The Road To A Cure For HIV/AIDS
Since HIV and AIDS were first identified in the Eighties as a threat to human health and welfare, the focus has been on preventing the spread of infection, treating sufferers, and discovering a remedy for the disease. Though various treatments have been developed over the previous few a long time that have basically extended a person's lifespan in addition to inhibit the spread of the illness from one infected individual to a non-contaminated individual, a cure for the disease has remained elusive. There are a number of reasons for this.
One of many causes the cure for HIV/AIDS has been difficult to obtain is due to the complexity in defining what it means to treatment the disease. Having a clear definition is necessary for figuring out if a treatment has achieved the objective. The simplest and best definition of a cure would be a cessation in the want for a affected person to use antiviral medicine in an effort to hold the HIV an infection beneath control. This does not essentially mean that the disease is eradicated but simply that the patient does not must take treatment anymore. Whole elimination of the disease, while a worthy purpose, is much more troublesome to measure since that might imply doing a prohibitively giant amount of testing on an individual to determine if there is any residual HIV infection in their body.

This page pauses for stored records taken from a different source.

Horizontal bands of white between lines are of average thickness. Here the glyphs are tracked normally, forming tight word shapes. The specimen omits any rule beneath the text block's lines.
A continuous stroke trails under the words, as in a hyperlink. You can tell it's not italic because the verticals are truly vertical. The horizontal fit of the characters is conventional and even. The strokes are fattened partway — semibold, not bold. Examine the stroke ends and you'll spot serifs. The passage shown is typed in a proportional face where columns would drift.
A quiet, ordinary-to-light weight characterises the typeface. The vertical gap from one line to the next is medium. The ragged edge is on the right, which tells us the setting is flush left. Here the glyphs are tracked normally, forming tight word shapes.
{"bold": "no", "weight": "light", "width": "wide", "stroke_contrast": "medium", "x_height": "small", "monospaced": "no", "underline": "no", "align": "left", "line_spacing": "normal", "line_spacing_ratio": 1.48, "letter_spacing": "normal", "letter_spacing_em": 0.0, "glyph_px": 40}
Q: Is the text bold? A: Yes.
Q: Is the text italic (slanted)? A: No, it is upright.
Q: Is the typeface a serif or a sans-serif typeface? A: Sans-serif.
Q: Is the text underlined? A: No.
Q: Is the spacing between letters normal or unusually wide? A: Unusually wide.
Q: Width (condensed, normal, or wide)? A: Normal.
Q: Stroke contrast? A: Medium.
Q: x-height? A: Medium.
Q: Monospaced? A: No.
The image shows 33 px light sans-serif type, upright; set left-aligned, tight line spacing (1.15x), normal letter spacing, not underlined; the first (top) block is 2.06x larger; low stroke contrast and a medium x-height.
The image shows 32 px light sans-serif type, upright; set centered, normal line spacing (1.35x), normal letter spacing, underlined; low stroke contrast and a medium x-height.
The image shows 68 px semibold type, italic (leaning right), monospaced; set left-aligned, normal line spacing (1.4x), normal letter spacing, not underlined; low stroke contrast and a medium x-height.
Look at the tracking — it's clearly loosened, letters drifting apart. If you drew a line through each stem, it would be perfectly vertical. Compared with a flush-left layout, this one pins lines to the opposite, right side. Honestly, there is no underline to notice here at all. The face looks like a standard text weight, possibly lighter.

One other barrier to creating a remedy to HIV/AIDS is patient safety. There may be some concern that the remedy could trigger extra medical problems to arise. For example, one possible cure would contain activating dormant HIV which turns into latent throughout therapy with medications. The priority is that HIV activators would also activate other ailments that lay dormant in DNA resembling sure cancers genes thereby causing the remedy to be worse that the disease.
A third sensible barrier is the actual study and growth of the treatment itself. The illness is tough to study since HIV is a human disease and cannot be activated in different animals. The closest relation to HIV is Simian Immunodeficiency Virus (SIV) which occurs in monkeys. Nonetheless, the illness doesn't reply the HIV remedies meant for humans. Scientists have been capable of get round this to a certain extent but an accurate mannequin of the disease to check a possible remedy in animals still stays just out of reach. Despite these obstacles, although, quite a lot of progress has been made towards a treatment for the disease. Researchers are assured that one will likely be found especially if all of the wanted funding is poured into HIV/AIDS research from various governments in addition to the pharmaceutical industry.